■ Prompt: Your answer must consist solely of the line containing "share of the ground: < 10 %" and each line after it through the end of the data, copied exactly.

■ Data records:
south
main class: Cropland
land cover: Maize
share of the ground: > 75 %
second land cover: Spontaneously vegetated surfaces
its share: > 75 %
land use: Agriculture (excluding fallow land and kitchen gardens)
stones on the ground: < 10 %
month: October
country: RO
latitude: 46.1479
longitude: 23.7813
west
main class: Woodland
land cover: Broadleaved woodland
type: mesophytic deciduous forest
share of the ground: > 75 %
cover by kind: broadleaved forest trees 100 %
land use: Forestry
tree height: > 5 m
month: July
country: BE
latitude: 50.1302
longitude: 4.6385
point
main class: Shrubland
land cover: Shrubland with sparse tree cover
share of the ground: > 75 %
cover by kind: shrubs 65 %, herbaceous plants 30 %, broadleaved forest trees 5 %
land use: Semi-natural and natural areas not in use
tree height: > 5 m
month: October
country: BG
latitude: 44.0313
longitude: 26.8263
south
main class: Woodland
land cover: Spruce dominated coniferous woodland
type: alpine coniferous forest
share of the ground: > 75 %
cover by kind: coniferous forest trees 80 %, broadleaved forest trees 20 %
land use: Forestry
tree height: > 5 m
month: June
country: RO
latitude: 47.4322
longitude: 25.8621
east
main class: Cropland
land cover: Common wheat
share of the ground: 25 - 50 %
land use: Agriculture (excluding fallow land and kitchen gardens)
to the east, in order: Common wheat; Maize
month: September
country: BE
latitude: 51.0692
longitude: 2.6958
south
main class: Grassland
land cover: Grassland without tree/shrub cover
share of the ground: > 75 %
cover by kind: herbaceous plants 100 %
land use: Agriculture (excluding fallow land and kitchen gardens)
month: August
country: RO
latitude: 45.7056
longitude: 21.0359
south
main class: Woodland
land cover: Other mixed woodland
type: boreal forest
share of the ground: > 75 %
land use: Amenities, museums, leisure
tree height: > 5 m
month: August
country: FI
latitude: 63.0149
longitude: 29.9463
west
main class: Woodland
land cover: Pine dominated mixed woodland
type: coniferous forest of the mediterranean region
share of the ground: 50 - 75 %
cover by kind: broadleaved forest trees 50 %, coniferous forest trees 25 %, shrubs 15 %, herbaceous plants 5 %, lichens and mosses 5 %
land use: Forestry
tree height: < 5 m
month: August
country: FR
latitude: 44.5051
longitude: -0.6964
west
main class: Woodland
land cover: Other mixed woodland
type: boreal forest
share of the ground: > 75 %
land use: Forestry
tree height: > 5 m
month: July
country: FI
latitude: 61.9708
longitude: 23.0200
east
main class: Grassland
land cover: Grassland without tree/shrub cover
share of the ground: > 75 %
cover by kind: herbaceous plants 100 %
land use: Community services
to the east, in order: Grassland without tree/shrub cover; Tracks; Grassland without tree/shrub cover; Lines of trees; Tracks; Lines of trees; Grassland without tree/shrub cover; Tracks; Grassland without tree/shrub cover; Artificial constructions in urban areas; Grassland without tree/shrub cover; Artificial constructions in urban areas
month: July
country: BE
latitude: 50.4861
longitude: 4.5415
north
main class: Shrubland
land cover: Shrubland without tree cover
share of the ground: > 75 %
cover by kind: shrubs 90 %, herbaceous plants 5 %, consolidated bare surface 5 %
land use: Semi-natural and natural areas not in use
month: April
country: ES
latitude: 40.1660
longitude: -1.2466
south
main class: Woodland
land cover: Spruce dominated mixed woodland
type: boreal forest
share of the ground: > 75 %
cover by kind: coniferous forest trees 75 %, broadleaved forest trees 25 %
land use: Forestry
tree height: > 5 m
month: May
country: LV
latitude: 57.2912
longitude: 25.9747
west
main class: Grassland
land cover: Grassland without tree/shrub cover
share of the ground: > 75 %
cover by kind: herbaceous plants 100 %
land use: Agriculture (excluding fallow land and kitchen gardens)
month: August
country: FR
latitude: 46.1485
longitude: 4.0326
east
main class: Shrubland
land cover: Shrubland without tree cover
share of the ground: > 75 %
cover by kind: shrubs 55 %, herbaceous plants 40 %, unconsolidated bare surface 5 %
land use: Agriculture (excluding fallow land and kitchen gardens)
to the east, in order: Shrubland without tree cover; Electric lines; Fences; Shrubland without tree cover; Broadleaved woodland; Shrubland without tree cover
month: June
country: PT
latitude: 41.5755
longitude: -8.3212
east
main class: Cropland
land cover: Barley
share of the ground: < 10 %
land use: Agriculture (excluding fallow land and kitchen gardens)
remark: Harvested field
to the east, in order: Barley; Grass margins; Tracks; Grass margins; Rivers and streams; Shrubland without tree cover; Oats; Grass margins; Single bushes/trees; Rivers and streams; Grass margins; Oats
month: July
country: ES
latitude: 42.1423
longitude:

■ Written response:
share of the ground: < 10 %
land use: Agriculture (excluding fallow land and kitchen gardens)
remark: Harvested field
to the east, in order: Barley; Grass margins; Tracks; Grass margins; Rivers and streams; Shrubland without tree cover; Oats; Grass margins; Single bushes/trees; Rivers and streams; Grass margins; Oats
month: July
country: ES
latitude: 42.1423
longitude:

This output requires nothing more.